Dead simple PDF text reader.
npm install pdf-text-reader
You'll probably get peer dependency warnings. You are safe to completely ignore these. You only need them if you want to use pdf.js
's more complicated specific types. To do that just install the correct version (as per the warning) of the pdfjs-dist package. Installing it is completely unnecessary if you're simply reading PDFs from file paths or URLs.
import {readPdfText} from 'pdf-text-reader';
async function run() {
const pages = await readPdfText('path/to/pdf/file.pdf');
console.log(pages[0].lines);
}
run();
See src/index.ts (in the git repo) or dist/index.d.ts (in the npm package) for detailed argument and return value typing.
This uses Mozilla's pdf.js through the pdfjs-dist npm package. As such, any valid input to pdf.js's getDocument
function are valid inputs to this package's readPdfText
function. See pdfjs-dist in DefinitelyTyped for info on that or, for just the type information, read src/index.ts in this repo.

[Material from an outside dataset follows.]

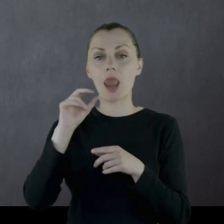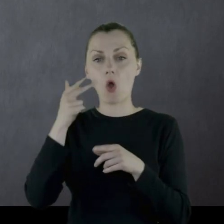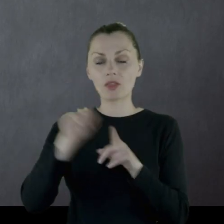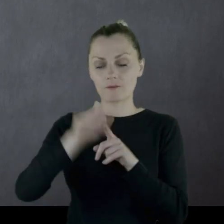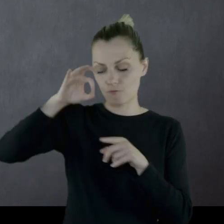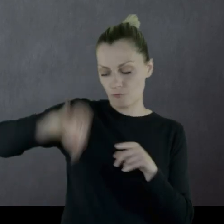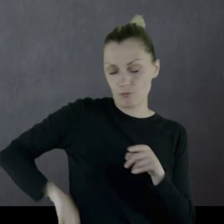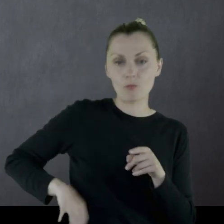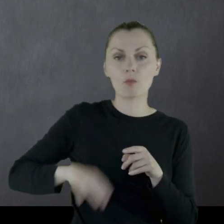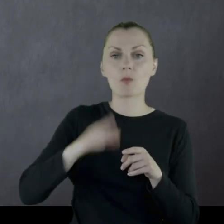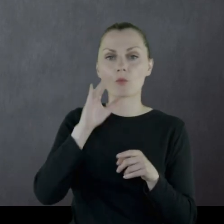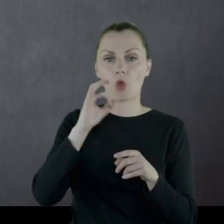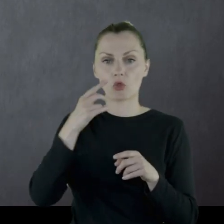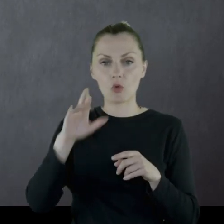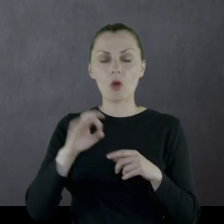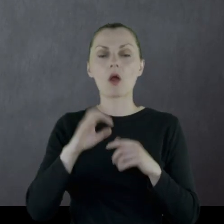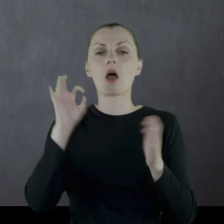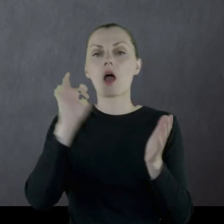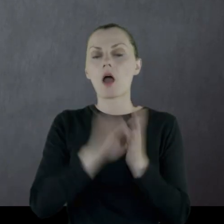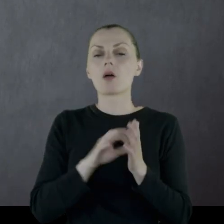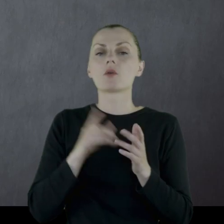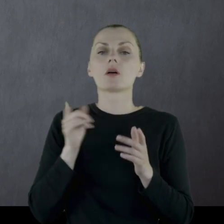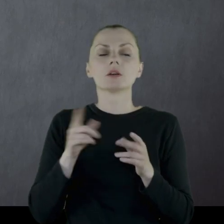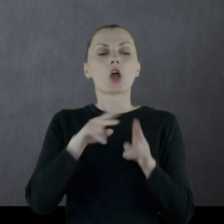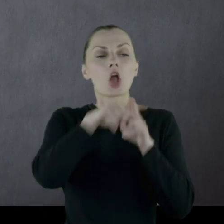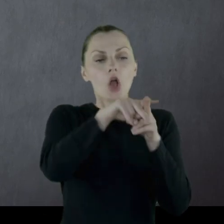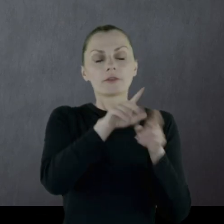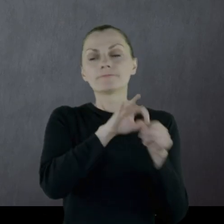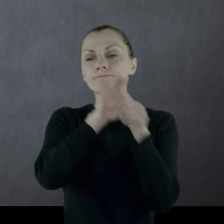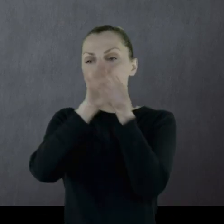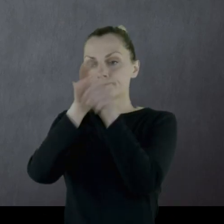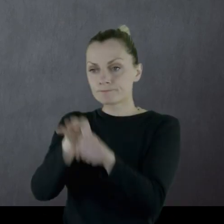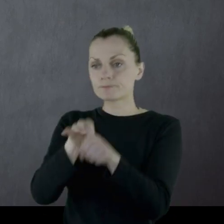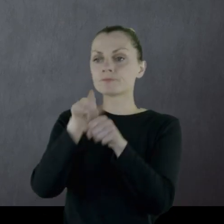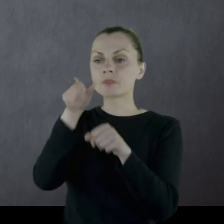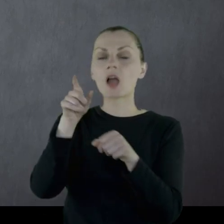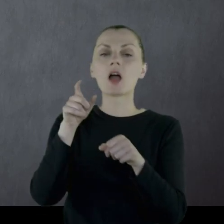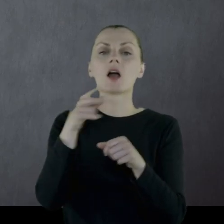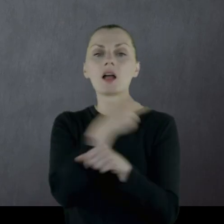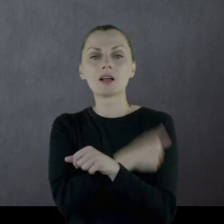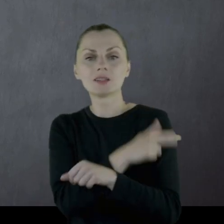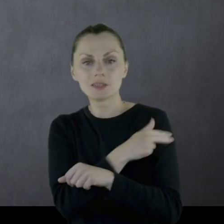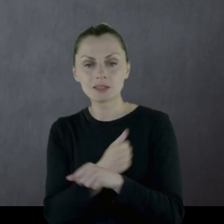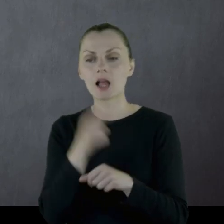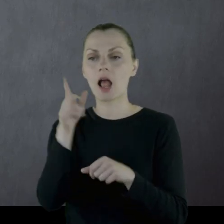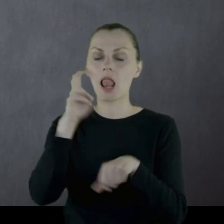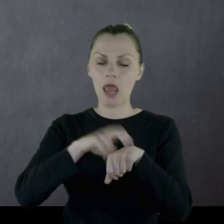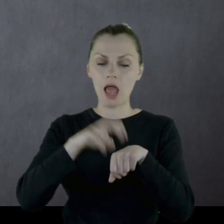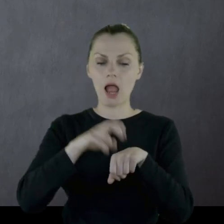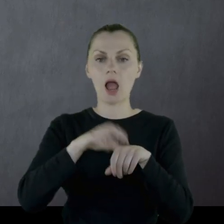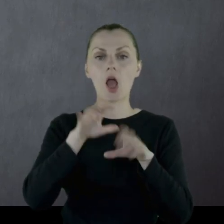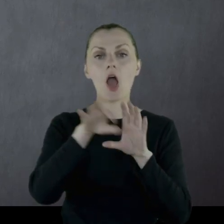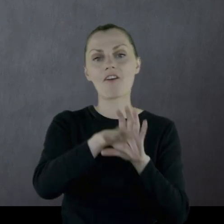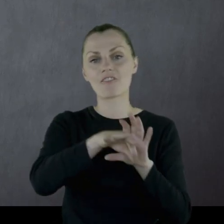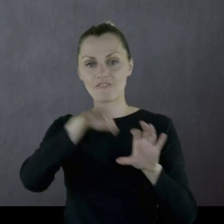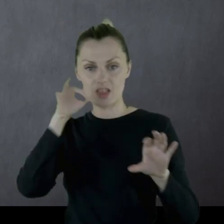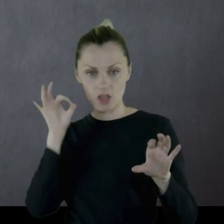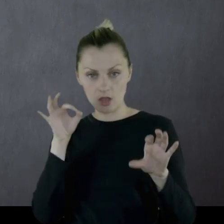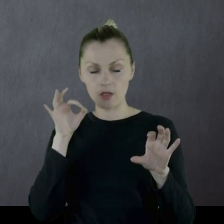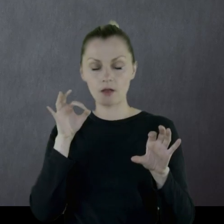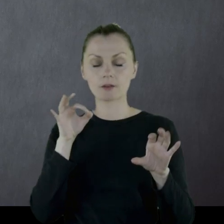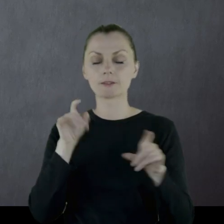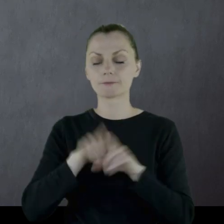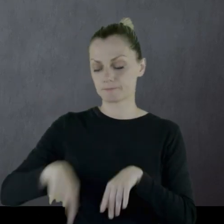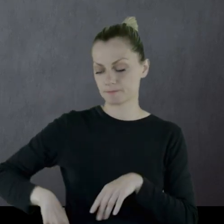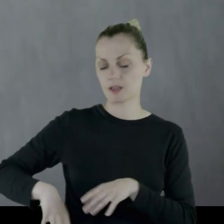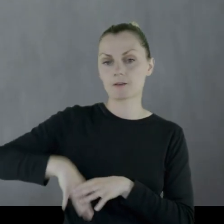Odprowadził konia do punktu sanitarnego. Lekarz wyjął kulkę Leonowi z biodra.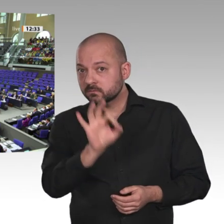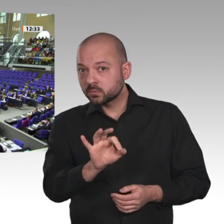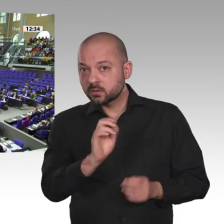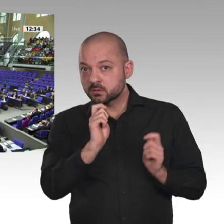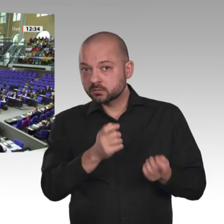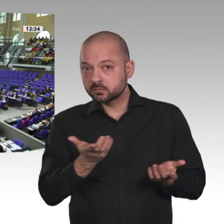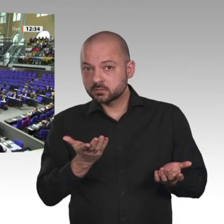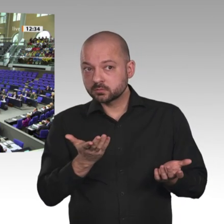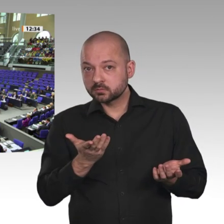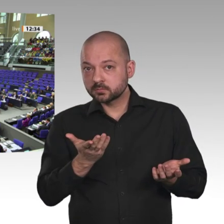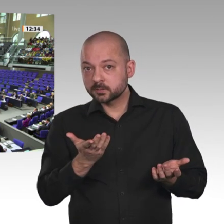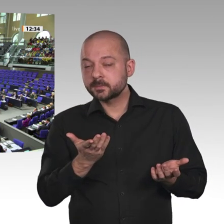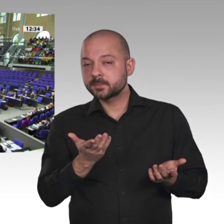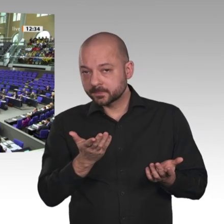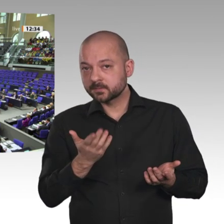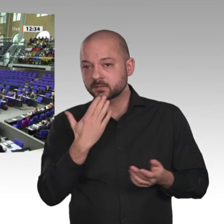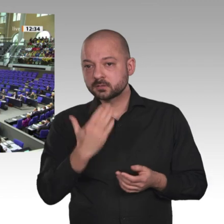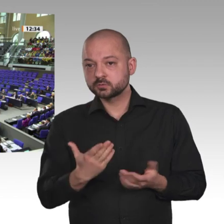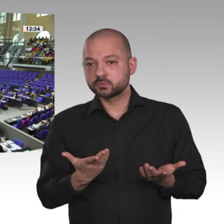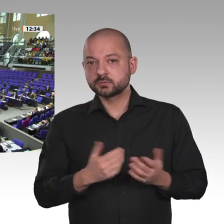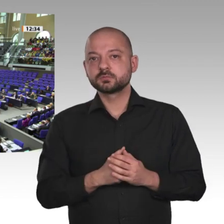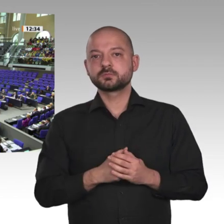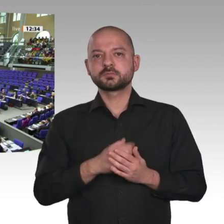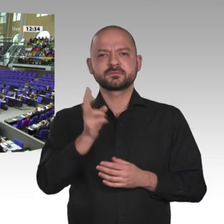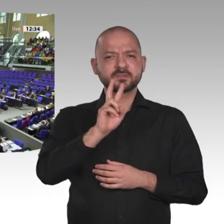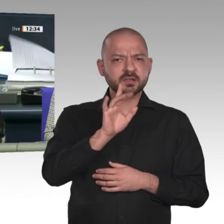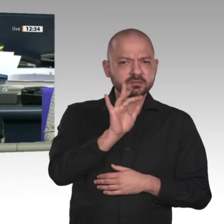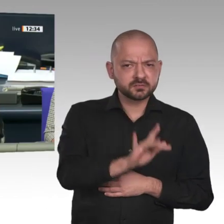Wer enthält sich? Danke schön.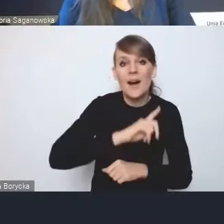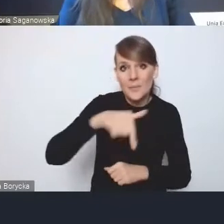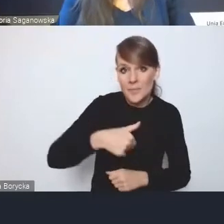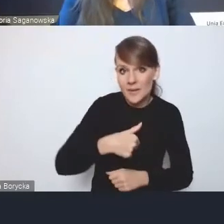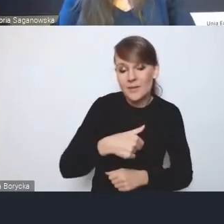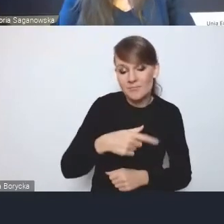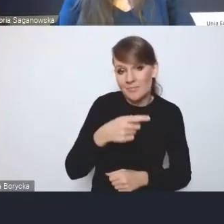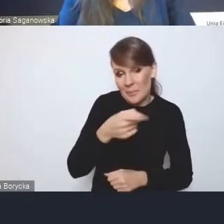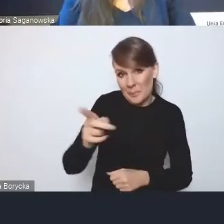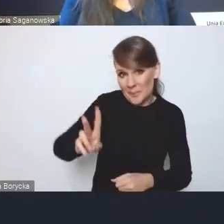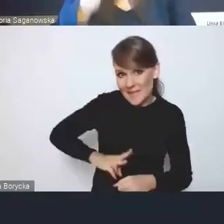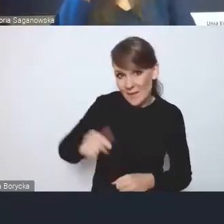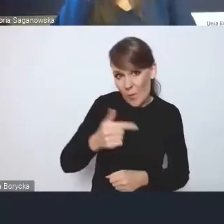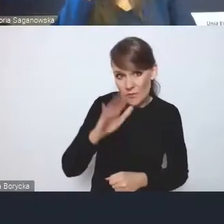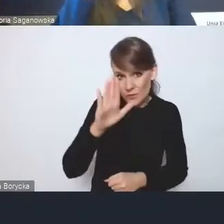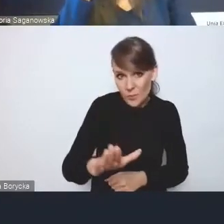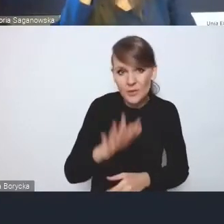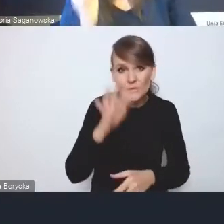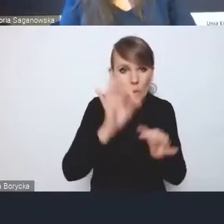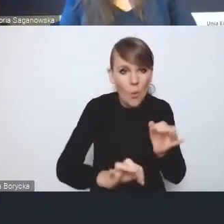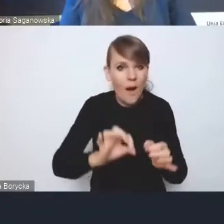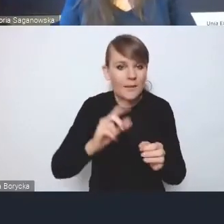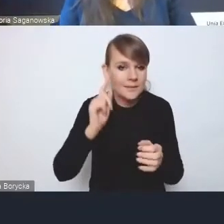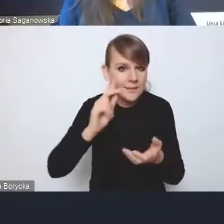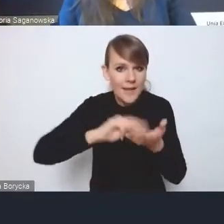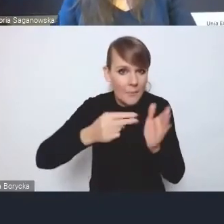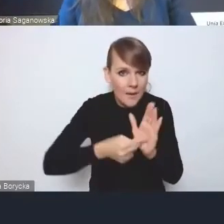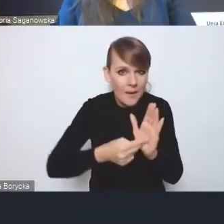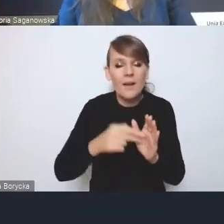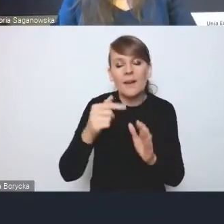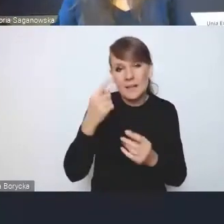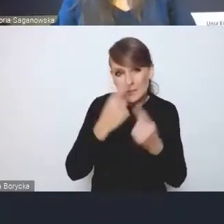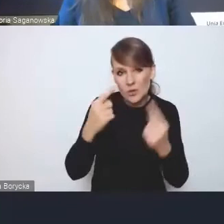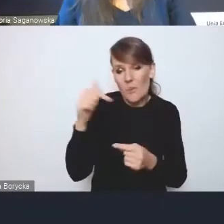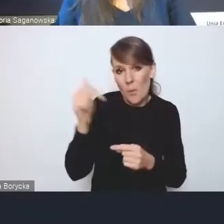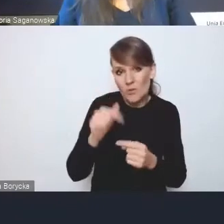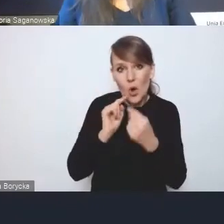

This package simply reads the output of pdfjs.getDocument
and sorts it into lines based on the text vertical position in the document. It also inserts spaces for text on the same line that is far apart horizontally and new lines in between lines that are far apart vertically.
Example:
The text below in a PDF will be read as having spaces in between them even if the space characters aren't in the PDF.
cell 1 cell 2 cell 3
The number of spaces to insert is calculated by a naive but extraordinarily simple calculation of Math.ceil(distance-between-text/text-height)
.
If you need lower level parsing control, you can also use the exported parsePageItems
function. This only reads one page at a time as seen below. This function is used by readPdfText
so the output will be identical for the same pdf page.
You must also have the pdfjs-dist
npm package to use this.
import {parsePageItems} from 'pdf-text-reader';
import * as pdfjs from 'pdfjs-dist';
async function run() {
const doc = await pdfjs.getDocument('myDocument.pdf').promise;
const page = await doc.getPage(1);
const content = await page.getTextContent();
const items = content.items;
const parsedPage = parsePageItems(items);
console.log(parsedPage.lines);
}
run();
See src/index.ts (in the git repo) or dist/index.d.ts (in the npm package) for detailed argument and return value typing.